BEGIN Records provided

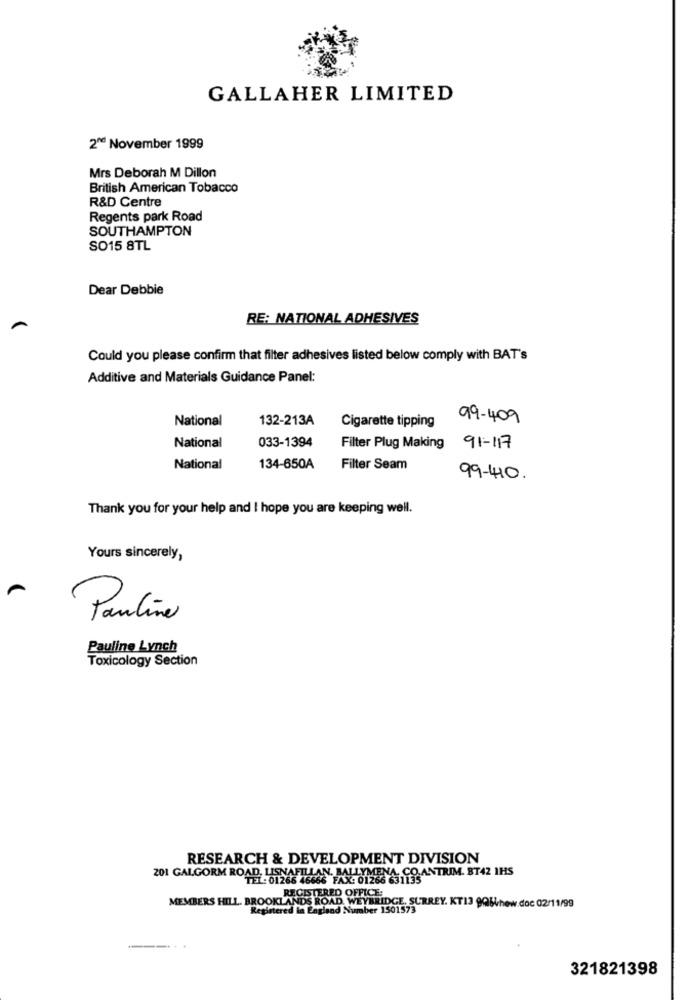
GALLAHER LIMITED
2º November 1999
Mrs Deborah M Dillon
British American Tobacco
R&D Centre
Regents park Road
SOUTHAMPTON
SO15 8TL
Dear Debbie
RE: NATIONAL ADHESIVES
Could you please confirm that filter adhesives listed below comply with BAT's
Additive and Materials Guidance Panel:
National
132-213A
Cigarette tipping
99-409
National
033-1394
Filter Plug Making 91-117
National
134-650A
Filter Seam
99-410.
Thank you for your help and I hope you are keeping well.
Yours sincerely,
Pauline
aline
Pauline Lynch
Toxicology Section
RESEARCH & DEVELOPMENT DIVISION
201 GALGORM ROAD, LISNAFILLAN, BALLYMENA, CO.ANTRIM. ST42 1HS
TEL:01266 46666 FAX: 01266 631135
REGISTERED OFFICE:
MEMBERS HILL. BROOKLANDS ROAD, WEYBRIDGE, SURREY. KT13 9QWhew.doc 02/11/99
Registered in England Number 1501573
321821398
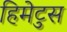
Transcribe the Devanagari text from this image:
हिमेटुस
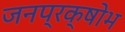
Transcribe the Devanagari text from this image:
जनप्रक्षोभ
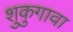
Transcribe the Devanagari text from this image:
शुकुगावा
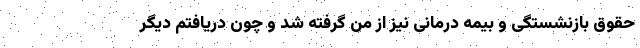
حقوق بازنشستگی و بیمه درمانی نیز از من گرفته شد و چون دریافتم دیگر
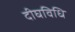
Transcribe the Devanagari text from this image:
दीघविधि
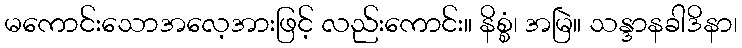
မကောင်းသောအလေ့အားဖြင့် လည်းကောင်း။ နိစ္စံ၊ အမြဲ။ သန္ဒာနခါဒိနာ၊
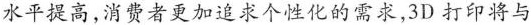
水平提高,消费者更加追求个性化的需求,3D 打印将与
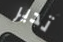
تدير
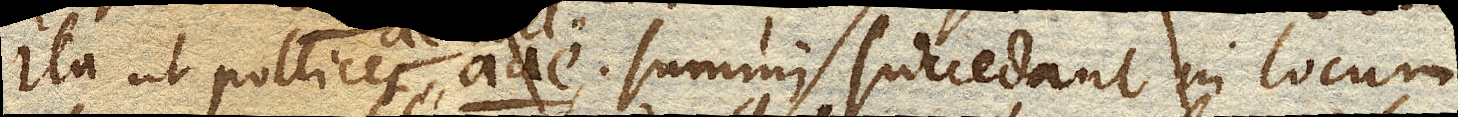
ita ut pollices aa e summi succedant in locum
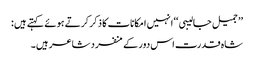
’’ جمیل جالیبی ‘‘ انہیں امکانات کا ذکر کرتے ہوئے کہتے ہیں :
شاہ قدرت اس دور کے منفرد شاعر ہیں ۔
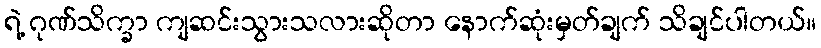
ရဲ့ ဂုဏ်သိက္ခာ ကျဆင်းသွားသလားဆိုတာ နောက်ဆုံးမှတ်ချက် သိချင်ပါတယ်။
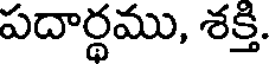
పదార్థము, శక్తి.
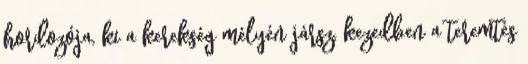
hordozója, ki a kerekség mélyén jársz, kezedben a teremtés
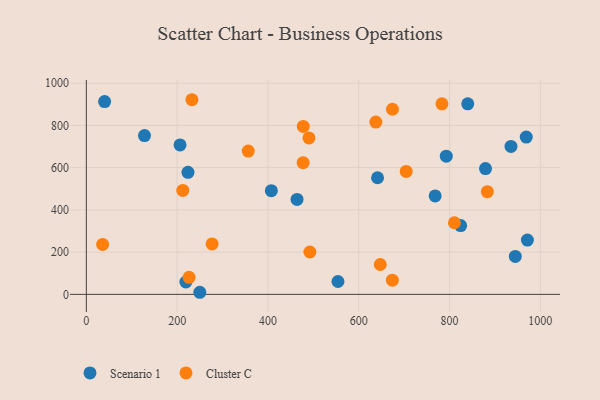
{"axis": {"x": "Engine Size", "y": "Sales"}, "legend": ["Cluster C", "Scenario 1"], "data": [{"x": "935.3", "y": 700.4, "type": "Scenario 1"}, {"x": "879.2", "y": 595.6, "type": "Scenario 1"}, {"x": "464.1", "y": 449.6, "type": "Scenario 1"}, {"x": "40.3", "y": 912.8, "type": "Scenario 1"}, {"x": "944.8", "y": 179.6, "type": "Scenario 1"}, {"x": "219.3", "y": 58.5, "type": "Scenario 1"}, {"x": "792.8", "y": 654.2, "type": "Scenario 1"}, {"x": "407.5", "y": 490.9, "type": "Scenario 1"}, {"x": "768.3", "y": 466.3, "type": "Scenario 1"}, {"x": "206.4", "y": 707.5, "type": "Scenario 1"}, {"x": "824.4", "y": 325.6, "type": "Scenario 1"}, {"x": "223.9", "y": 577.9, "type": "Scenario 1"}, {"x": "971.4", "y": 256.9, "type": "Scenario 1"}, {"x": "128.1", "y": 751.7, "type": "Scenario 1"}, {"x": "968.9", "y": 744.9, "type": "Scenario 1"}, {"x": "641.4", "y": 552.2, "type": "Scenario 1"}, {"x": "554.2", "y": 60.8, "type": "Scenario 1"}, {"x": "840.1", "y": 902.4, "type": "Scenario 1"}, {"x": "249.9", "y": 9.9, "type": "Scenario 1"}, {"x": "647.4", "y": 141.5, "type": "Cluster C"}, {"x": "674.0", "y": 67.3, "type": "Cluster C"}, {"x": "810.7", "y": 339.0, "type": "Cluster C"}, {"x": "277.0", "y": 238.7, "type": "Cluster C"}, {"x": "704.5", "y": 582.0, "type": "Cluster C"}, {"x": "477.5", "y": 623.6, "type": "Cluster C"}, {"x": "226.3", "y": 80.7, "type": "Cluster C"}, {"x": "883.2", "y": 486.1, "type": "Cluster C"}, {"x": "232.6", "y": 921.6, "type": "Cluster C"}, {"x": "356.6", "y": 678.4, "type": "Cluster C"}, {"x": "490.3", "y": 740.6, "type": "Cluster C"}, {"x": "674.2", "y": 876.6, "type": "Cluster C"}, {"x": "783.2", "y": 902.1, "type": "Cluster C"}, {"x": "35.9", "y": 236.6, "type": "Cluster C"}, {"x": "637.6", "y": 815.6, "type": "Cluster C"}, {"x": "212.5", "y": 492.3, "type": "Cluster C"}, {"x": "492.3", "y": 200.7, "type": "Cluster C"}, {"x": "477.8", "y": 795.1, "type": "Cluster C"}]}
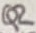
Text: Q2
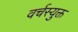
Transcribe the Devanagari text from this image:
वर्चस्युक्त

END Records provided

What is needed >> Could the data above be copied out exactly, with no pictures kept?

Solution >>
GALLAHER LIMITED
2º November 1999
Mrs Deborah M Dillon
British American Tobacco
R&D Centre
Regents park Road
SOUTHAMPTON
SO15 8TL
Dear Debbie
RE: NATIONAL ADHESIVES
Could you please confirm that filter adhesives listed below comply with BAT's
Additive and Materials Guidance Panel:
National
132-213A
Cigarette tipping
99-409
National
033-1394
Filter Plug Making 91-117
National
134-650A
Filter Seam
99-410.
Thank you for your help and I hope you are keeping well.
Yours sincerely,
Pauline
aline
Pauline Lynch
Toxicology Section
RESEARCH & DEVELOPMENT DIVISION
201 GALGORM ROAD, LISNAFILLAN, BALLYMENA, CO.ANTRIM. ST42 1HS
TEL:01266 46666 FAX: 01266 631135
REGISTERED OFFICE:
MEMBERS HILL. BROOKLANDS ROAD, WEYBRIDGE, SURREY. KT13 9QWhew.doc 02/11/99
Registered in England Number 1501573
321821398
Transcribe the Devanagari text from this image:
हिमेटुस
Transcribe the Devanagari text from this image:
जनप्रक्षोभ
Transcribe the Devanagari text from this image:
शुकुगावा
حقوق بازنشستگی و بیمه درمانی نیز از من گرفته شد و چون دریافتم دیگر
Transcribe the Devanagari text from this image:
दीघविधि
မကောင်းသောအလေ့အားဖြင့် လည်းကောင်း။ နိစ္စံ၊ အမြဲ။ သန္ဒာနခါဒိနာ၊
水平提高,消费者更加追求个性化的需求,3D 打印将与
تدير
ita ut pollices aa e summi succedant in locum
’’ جمیل جالیبی ‘‘ انہیں امکانات کا ذکر کرتے ہوئے کہتے ہیں :
شاہ قدرت اس دور کے منفرد شاعر ہیں ۔
ရဲ့ ဂုဏ်သိက္ခာ ကျဆင်းသွားသလားဆိုတာ နောက်ဆုံးမှတ်ချက် သိချင်ပါတယ်။
పదార్థము, శక్తి.
hordozója, ki a kerekség mélyén jársz, kezedben a teremtés
{"axis": {"x": "Engine Size", "y": "Sales"}, "legend": ["Cluster C", "Scenario 1"], "data": [{"x": "935.3", "y": 700.4, "type": "Scenario 1"}, {"x": "879.2", "y": 595.6, "type": "Scenario 1"}, {"x": "464.1", "y": 449.6, "type": "Scenario 1"}, {"x": "40.3", "y": 912.8, "type": "Scenario 1"}, {"x": "944.8", "y": 179.6, "type": "Scenario 1"}, {"x": "219.3", "y": 58.5, "type": "Scenario 1"}, {"x": "792.8", "y": 654.2, "type": "Scenario 1"}, {"x": "407.5", "y": 490.9, "type": "Scenario 1"}, {"x": "768.3", "y": 466.3, "type": "Scenario 1"}, {"x": "206.4", "y": 707.5, "type": "Scenario 1"}, {"x": "824.4", "y": 325.6, "type": "Scenario 1"}, {"x": "223.9", "y": 577.9, "type": "Scenario 1"}, {"x": "971.4", "y": 256.9, "type": "Scenario 1"}, {"x": "128.1", "y": 751.7, "type": "Scenario 1"}, {"x": "968.9", "y": 744.9, "type": "Scenario 1"}, {"x": "641.4", "y": 552.2, "type": "Scenario 1"}, {"x": "554.2", "y": 60.8, "type": "Scenario 1"}, {"x": "840.1", "y": 902.4, "type": "Scenario 1"}, {"x": "249.9", "y": 9.9, "type": "Scenario 1"}, {"x": "647.4", "y": 141.5, "type": "Cluster C"}, {"x": "674.0", "y": 67.3, "type": "Cluster C"}, {"x": "810.7", "y": 339.0, "type": "Cluster C"}, {"x": "277.0", "y": 238.7, "type": "Cluster C"}, {"x": "704.5", "y": 582.0, "type": "Cluster C"}, {"x": "477.5", "y": 623.6, "type": "Cluster C"}, {"x": "226.3", "y": 80.7, "type": "Cluster C"}, {"x": "883.2", "y": 486.1, "type": "Cluster C"}, {"x": "232.6", "y": 921.6, "type": "Cluster C"}, {"x": "356.6", "y": 678.4, "type": "Cluster C"}, {"x": "490.3", "y": 740.6, "type": "Cluster C"}, {"x": "674.2", "y": 876.6, "type": "Cluster C"}, {"x": "783.2", "y": 902.1, "type": "Cluster C"}, {"x": "35.9", "y": 236.6, "type": "Cluster C"}, {"x": "637.6", "y": 815.6, "type": "Cluster C"}, {"x": "212.5", "y": 492.3, "type": "Cluster C"}, {"x": "492.3", "y": 200.7, "type": "Cluster C"}, {"x": "477.8", "y": 795.1, "type": "Cluster C"}]}
Text: Q2
Transcribe the Devanagari text from this image:
वर्चस्युक्त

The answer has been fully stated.